Canada Border Services Agency intercepted the objects in January 2024 as they were being transported from Istanbul to Vancouver. Referred to the Department of Canadian Heritage, the matter eventually reached the Federal Court of Canada which ruled in September 2025 that the items fell within the scope of Turkey’s legislation around protecting cultural assets. Some of the manuscript pages had been removed from their original bindings, and others had been altered with illustrations in earlier attempts to increase their commercial value. The Canadian court’s ruling, which cited frameworks including the UNESCO 1970 Convention on the illicit trade of cultural property, is being watched closely as a potential model for future cross-border restitution claims.
This return is part of a much larger effort from Turkey to recover looted objects from rich archeological sites sitting at the crossroads of the Balkans, the Middle East, North Africa, and the Western world. The country acts as a geographic bridge through which illicit goods have long traveled. Within its borders are hundreds of under-guarded historical sites from which looters can easily take small objects like coins or figurines. Conflicts in neighboring countries have further loosened the flow of black market goods through the region.
Nowhere has that traffic been more visible than in the theft and trade of bronze sculptures from a monumental shrine to Roman emperors in the ancient south-central city of Bubon.
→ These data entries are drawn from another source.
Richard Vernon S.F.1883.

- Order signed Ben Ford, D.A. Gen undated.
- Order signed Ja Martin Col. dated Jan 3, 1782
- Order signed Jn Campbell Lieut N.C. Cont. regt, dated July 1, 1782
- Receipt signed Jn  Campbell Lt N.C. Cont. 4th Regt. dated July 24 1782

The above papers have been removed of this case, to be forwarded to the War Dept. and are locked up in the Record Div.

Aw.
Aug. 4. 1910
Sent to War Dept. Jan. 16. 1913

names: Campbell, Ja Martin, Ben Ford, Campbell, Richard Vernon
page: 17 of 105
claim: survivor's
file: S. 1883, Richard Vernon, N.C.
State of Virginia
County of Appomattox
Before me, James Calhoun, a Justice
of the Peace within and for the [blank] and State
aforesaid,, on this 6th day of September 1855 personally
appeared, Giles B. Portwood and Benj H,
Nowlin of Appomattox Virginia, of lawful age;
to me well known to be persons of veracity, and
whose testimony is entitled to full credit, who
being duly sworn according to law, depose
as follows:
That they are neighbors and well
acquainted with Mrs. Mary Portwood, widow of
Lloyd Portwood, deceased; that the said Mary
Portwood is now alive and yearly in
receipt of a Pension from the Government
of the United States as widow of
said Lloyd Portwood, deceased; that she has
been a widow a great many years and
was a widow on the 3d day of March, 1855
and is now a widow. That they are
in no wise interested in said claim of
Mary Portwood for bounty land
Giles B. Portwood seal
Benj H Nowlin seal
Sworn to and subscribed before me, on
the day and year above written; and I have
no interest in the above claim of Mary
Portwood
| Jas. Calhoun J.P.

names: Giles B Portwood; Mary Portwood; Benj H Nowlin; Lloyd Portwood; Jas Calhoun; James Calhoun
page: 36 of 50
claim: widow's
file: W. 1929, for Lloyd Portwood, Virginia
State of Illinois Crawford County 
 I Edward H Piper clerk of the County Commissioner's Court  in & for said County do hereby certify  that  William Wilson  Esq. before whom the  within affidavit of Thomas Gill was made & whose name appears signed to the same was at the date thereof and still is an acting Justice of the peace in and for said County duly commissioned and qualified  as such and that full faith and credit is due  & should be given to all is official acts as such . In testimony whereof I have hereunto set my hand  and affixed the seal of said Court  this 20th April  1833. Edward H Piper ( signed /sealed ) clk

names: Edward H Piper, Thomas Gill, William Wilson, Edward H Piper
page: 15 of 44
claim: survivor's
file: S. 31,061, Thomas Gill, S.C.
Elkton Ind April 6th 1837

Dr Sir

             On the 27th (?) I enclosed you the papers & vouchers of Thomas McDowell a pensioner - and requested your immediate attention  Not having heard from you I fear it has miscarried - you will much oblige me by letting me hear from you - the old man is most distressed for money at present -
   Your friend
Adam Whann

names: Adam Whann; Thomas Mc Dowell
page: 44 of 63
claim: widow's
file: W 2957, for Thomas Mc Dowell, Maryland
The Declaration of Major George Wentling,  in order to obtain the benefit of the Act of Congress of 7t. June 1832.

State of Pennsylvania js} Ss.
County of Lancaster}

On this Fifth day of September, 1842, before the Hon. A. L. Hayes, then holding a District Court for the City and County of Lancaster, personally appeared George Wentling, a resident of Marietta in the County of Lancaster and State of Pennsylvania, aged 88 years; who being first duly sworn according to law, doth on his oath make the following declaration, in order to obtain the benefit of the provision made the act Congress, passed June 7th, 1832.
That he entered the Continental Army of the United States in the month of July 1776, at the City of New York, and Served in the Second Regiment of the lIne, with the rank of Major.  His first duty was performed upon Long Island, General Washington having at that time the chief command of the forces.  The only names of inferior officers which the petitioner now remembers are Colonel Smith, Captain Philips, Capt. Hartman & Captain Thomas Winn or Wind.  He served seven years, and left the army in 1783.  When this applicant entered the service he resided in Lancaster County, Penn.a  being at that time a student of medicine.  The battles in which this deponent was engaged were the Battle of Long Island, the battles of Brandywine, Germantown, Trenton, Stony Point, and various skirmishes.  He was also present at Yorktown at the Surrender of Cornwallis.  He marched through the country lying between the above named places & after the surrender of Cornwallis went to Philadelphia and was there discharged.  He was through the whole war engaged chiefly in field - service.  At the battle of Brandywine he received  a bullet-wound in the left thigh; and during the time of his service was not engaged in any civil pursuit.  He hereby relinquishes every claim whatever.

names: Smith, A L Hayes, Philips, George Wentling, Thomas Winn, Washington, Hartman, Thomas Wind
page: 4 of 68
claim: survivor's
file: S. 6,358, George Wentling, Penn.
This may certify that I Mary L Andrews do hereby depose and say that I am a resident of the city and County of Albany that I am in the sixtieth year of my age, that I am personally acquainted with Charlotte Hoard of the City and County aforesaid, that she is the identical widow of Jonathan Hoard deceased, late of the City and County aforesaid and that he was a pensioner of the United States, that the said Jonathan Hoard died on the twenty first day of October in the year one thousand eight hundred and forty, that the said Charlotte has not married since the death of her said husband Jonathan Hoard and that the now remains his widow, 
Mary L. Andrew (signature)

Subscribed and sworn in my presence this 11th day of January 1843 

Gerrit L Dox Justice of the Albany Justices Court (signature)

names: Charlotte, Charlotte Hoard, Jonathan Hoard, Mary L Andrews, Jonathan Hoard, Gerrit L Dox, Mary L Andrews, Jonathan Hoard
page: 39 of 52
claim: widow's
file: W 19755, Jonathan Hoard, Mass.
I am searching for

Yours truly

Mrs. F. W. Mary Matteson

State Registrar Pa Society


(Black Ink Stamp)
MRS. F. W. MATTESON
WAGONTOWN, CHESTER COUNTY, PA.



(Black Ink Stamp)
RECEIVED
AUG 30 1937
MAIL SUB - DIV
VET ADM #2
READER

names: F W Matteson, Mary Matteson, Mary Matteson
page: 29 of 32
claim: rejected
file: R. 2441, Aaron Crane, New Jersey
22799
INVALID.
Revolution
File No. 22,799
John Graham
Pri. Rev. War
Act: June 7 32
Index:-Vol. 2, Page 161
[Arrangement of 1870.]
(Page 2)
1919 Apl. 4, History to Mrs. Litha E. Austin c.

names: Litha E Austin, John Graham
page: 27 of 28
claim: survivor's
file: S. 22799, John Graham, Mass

Since the 1960s, looters have been excavating and selling artifacts to coastal smugglers who move them to Switzerland and the United Kingdom before selling the objects to American or European buyers. Dealers have been known to funnel the bronzes into museum exhibitions and academic publications to launder them with new provenance histories. Institutions such as the Metropolitan Museum of Art, the Getty Museum, the Cleveland Museum of Art, and Boston’s Museum of Fine Arts have all been implicated in recovering works linked to Bubon.